» **WORK INSTRUCTION**
Among these records, which lines include "DIZUO"? Copy them out.

Stored items:

Segment Open

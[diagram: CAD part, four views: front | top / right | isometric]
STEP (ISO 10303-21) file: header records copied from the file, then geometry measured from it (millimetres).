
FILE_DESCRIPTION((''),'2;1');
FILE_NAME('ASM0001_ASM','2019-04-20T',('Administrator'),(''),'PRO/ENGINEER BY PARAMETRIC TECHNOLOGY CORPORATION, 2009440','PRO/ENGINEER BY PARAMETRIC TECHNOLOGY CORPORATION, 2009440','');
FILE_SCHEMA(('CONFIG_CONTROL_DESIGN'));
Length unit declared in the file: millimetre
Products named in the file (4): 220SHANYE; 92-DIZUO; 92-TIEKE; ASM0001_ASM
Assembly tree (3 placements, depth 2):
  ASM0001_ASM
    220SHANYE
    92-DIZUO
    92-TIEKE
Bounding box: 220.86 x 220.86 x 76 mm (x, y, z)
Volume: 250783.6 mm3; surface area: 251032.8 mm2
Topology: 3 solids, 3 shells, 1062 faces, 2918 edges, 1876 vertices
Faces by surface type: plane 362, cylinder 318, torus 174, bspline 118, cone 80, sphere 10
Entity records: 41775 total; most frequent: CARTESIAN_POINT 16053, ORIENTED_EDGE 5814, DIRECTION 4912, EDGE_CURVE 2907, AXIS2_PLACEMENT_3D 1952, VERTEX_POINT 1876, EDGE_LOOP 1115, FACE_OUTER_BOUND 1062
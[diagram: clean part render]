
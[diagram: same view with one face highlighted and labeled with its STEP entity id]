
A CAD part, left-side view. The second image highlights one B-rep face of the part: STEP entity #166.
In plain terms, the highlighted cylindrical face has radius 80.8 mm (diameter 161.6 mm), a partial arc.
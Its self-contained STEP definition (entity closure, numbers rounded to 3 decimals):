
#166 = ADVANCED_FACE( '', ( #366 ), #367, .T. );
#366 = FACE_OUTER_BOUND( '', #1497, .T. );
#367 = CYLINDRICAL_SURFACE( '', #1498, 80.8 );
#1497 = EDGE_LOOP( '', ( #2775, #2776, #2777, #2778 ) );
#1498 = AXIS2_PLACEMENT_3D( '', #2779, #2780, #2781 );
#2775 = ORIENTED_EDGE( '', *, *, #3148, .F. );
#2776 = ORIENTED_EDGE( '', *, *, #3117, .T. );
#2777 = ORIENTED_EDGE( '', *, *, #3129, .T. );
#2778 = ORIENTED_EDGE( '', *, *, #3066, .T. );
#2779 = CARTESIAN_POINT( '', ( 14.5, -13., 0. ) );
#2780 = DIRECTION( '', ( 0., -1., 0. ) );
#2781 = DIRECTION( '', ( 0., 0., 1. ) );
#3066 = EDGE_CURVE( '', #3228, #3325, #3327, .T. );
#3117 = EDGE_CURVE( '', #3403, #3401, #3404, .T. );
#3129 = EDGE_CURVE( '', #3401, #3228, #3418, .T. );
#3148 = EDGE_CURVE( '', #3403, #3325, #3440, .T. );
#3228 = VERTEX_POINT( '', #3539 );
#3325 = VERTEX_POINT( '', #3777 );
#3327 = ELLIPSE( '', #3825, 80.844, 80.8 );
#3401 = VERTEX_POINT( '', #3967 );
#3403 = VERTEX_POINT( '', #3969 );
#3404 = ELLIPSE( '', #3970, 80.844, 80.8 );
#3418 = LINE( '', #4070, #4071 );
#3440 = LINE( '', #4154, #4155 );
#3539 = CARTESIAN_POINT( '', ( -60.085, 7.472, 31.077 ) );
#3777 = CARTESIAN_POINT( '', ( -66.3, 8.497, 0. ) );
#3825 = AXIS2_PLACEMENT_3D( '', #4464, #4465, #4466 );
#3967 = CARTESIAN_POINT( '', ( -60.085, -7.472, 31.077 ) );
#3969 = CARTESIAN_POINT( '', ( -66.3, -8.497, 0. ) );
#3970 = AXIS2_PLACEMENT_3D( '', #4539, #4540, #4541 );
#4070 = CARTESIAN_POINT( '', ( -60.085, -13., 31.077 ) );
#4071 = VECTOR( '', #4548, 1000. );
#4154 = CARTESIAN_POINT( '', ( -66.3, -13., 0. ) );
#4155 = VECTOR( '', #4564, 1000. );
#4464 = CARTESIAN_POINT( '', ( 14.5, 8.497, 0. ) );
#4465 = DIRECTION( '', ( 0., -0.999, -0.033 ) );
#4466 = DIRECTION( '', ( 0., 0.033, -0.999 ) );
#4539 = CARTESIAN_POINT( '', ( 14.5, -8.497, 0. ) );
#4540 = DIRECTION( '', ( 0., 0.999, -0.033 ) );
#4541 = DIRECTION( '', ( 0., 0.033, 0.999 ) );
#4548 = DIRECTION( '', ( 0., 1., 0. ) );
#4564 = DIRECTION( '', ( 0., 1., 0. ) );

Segment Closed

» **SOLUTION TO THIS PROBLEM**
Products named in the file (4): 220SHANYE; 92-DIZUO; 92-TIEKE; ASM0001_ASM
    92-DIZUO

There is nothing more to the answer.